The labors of May depicted in May calendar images in books of hours typically feature hawking (sometimes on horseback), and courting, with a fair number of either of these images including greenery in the form of leafy boughs or even potted plants.
The Calens of May or May first, popularly known as May Day, is closely associated with the Celtic feast of Beltane, traditionally celebrated on the first of May. It was my interest in May day, Maying and Beltane that first led me to study the May calendar images in books of hours and their ancestor, the psalter since one of the traditional labors of May is bringing in the green, or Maying.
May calendar images in books of hours images often feature the custom of “bringing in the May” or Maying, Maying was a popular rural custom in much of Europe right through the early twentieth century, and most notably featured young people going out early in the morning of May 1 to fetch green boughs, especially boughs of Hawthorne, and adorning houses with them. Books of hours for the labor of May often show courtiers engaged in a May procession or jaunt, carrying or displaying the green boughs of spring.
Queen Mary’s Psalter calendar page for May British Library Royal 2 B VII f. 75v Detail England c. 1310–1320
Often the May image of hawking shows two men in a spring landscape. Sometimes one of the men is on horseback; the bird may be airborne or perched on an arm. Maying scenes and courting scenes may be on land, in the midst of a verdant landscape, or on the water, in a May boating scene, perhaps featuring greenery and musicians. Simon Bening’s May calendar illumination in the British Library’s Golf Book, and his illustration in the Morgan Library’s Da Costa Hours calendar pages for May both feature May greenery, musicians, and boats.
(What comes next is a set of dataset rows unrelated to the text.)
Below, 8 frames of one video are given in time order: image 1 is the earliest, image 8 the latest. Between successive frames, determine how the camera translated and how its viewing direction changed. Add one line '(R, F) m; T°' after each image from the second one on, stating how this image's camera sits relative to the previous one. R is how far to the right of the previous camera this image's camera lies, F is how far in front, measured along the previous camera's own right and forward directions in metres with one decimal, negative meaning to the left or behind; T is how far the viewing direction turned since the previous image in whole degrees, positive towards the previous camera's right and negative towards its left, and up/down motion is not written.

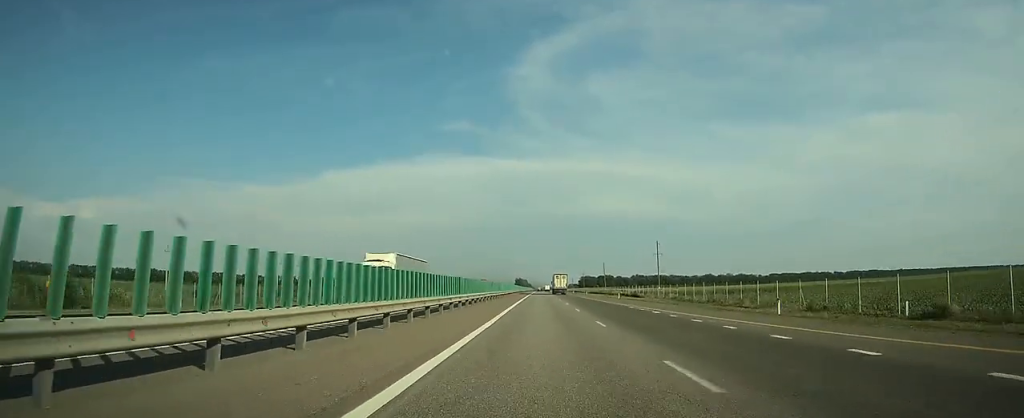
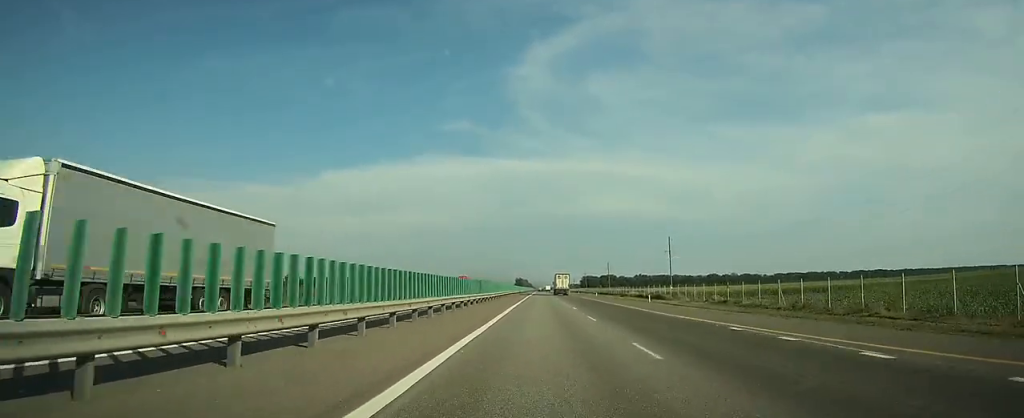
(0.0, +20.1) m; 0°
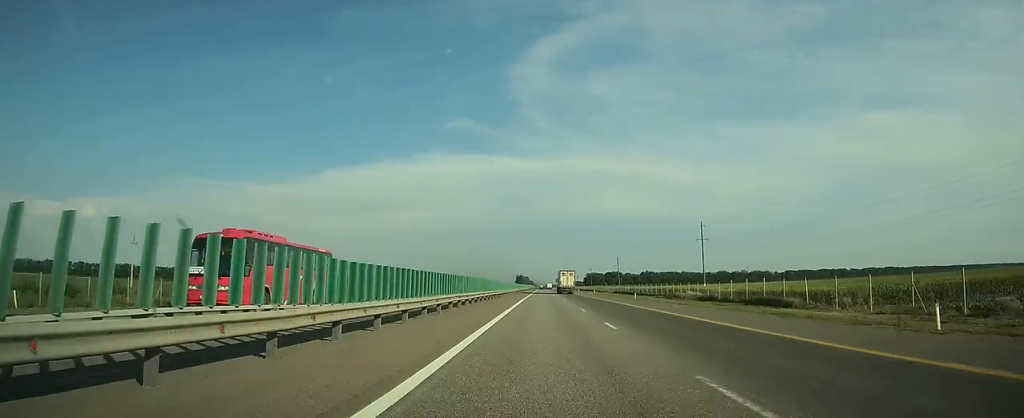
(+0.2, +40.4) m; 0°
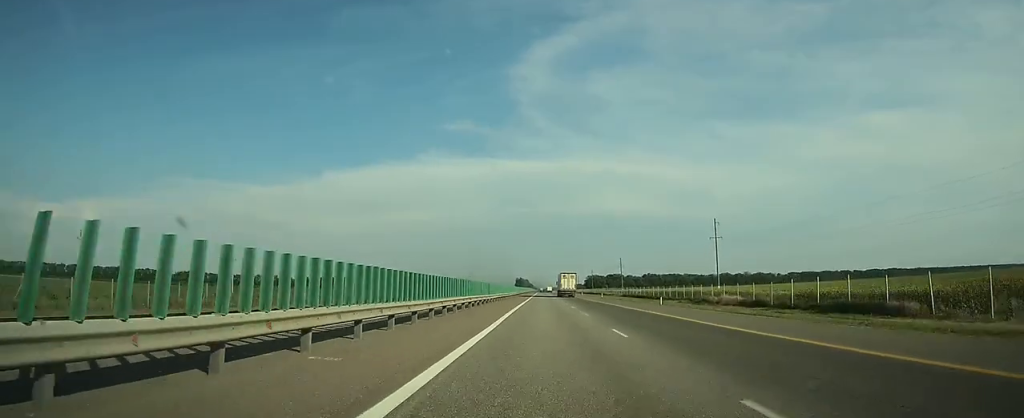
(0.0, +13.5) m; 0°
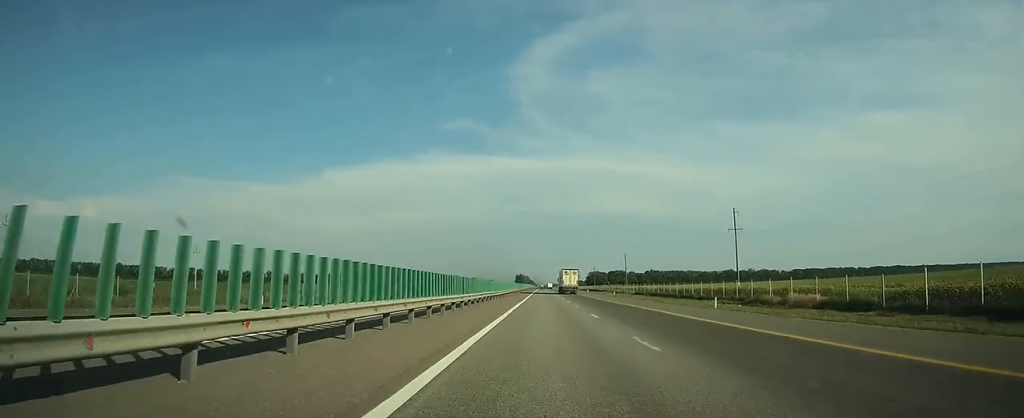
(0.0, +15.5) m; 0°
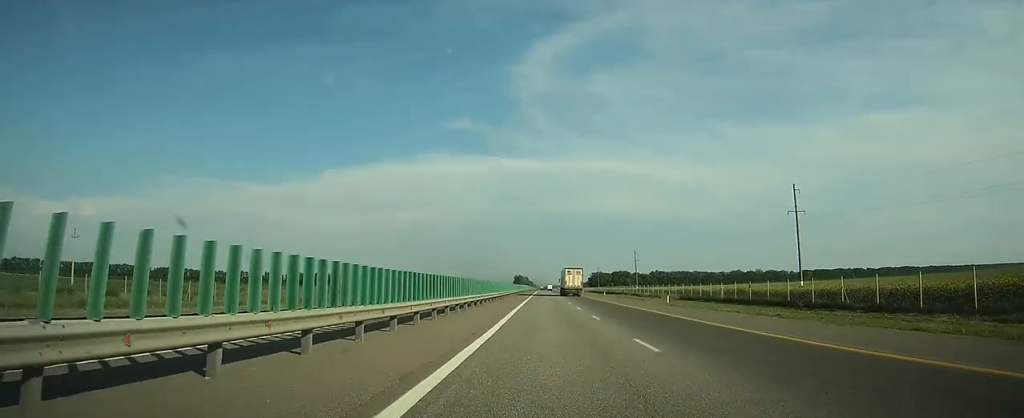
(-0.1, +35.1) m; 0°
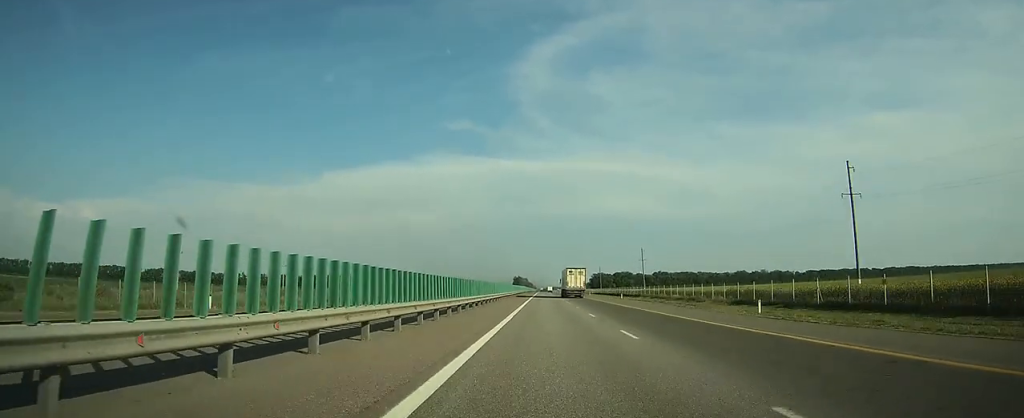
(0.0, +20.6) m; 0°
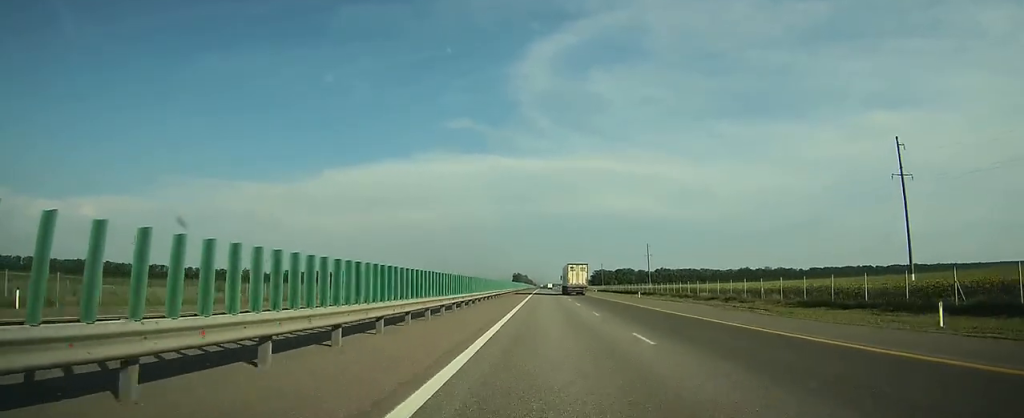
(0.0, +13.8) m; 0°

Probably the most famous book of hours image of May is that of the Très Riches Heures du Jean Duc de Berry; it features a mounted Maying party of exquisitely dressed courtiers on beautiful horses. Many of them are also bearing May greenery as they progress in a “May jaunt.”
A fairly typical labor of May image shows a young man in aristocratic dress sitting on a horse, often with a hawk or falcon, and very much in accord with Chaucer’s description of the young Squire in the General Prologue to The Canterbury Tales:
Embrouded was he, as it were a meede,
90 Al ful of fresshe floures, whyte and reede;
Syngynge he was, or floytynge, al the day,
He was as fressh as is the monthe of May.
Short was his gowne, with sleves longe and wyde.
Wel koude he sitte on hors, and faire ryde (ll. 89–94).
The Squire’s portrait from the Ellesmere Chaucer, Huntington Library
A knight on horseback rides out to go hawking and is just about to remove his hawk’s hood in the labor of May from a psalter in the collections of the Koninklijke Bibliotheek. This psalter was created in Normandy in about 1180. The image is from the calendar page for May. This page shows several labor of May images from the Books of Hours in the Koninklijke, including their part of the Hours of Simon de Verie which shows a young man hawking. You’ll notice that the Book of Hours by the Master of Jean Rolin II also shows a young man hawking. You’ll also see the familiar “twins” image.
The labor of May in BNF, Lat 18104 is fol. 3 from John Duc du Berry’s Petites Heures, created in France, Paris 14th Century. It’s from the Bibliotheque National, and is the actual calendar page for May. Most of the images are sacred in nature, but at the top right is a couple, possibly the Gemini twins, possibly a male and female couple bathing or doing something naked. This image is similar to images on other May pages that are definitely of a young couple in an embrace.
This particular page, fol. 4r is the May calendar page from Bodleian MS. Buchanan e. 3, a book of hours produced in Rouen, France, c. 1500. There’s man and a woman on horseback, a typical May promenade image, and at the bottom right, a definitely naked couple embracing amidst shrubbery—another traditional labor of May image.
The Frick Book of Hours, ND3363.P23B5 a book of hours in Latin and French c. 1475-1485 has two calendar pages for each month. The first calendar page for May, F. 5r, shows a couple hawking with dogs. The second page, F. 5v. shows the familiar nude male and female Gemini figures half hidden behind a shield.